Saved entries
===============

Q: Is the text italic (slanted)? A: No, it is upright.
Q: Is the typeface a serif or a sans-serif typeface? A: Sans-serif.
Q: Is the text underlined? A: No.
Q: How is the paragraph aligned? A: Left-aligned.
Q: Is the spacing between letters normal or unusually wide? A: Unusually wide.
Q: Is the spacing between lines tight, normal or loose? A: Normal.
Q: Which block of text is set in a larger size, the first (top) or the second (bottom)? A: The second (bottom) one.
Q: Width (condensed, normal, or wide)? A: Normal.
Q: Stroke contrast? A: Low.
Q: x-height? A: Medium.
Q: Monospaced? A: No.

===============

Work instruction: Copy every entry exactly.

Answer area:
Q: Is the text italic (slanted)? A: No, it is upright.
Q: Is the typeface a serif or a sans-serif typeface? A: Sans-serif.
Q: Is the text underlined? A: No.
Q: How is the paragraph aligned? A: Left-aligned.
Q: Is the spacing between letters normal or unusually wide? A: Unusually wide.
Q: Is the spacing between lines tight, normal or loose? A: Normal.
Q: Which block of text is set in a larger size, the first (top) or the second (bottom)? A: The second (bottom) one.
Q: Width (condensed, normal, or wide)? A: Normal.
Q: Stroke contrast? A: Low.
Q: x-height? A: Medium.
Q: Monospaced? A: No.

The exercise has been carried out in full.